===== Given information

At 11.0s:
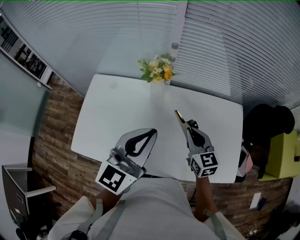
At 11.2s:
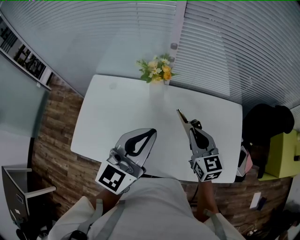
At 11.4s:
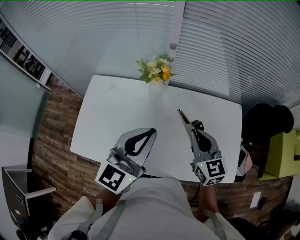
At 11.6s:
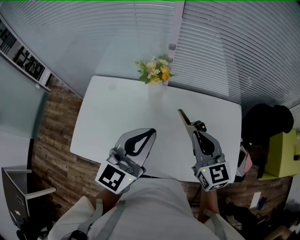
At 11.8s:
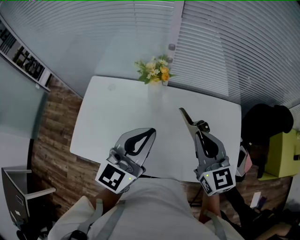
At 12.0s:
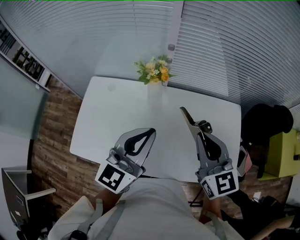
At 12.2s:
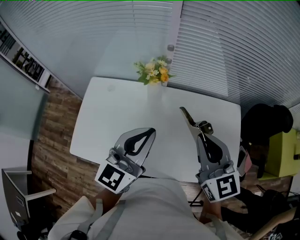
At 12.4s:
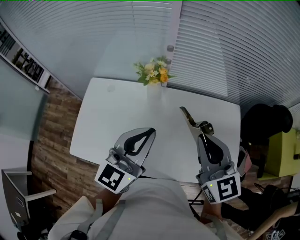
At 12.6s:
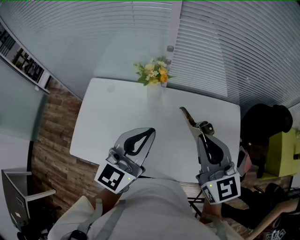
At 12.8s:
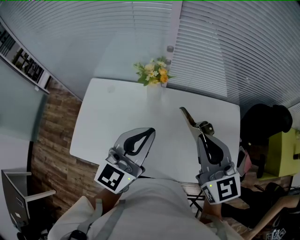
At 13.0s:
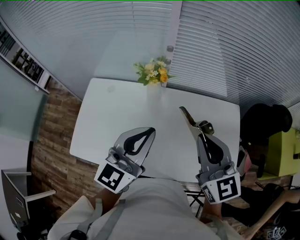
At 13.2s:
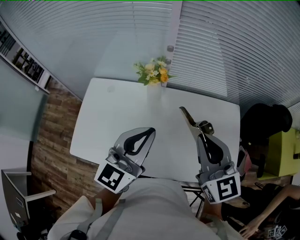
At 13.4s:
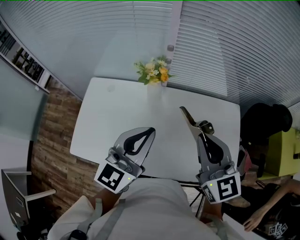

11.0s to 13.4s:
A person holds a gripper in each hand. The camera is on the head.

==========

# [The problem]
Exclude the pictures and print the rest of the data exactly.

# [Response to the exercise]
At 11.0s:
At 11.2s:
At 11.4s:
At 11.6s:
At 11.8s:
At 12.0s:
At 12.2s:
At 12.4s:
At 12.6s:
At 12.8s:
At 13.0s:
At 13.2s:
At 13.4s:

11.0s to 13.4s:
A person holds a gripper in each hand. The camera is on the head.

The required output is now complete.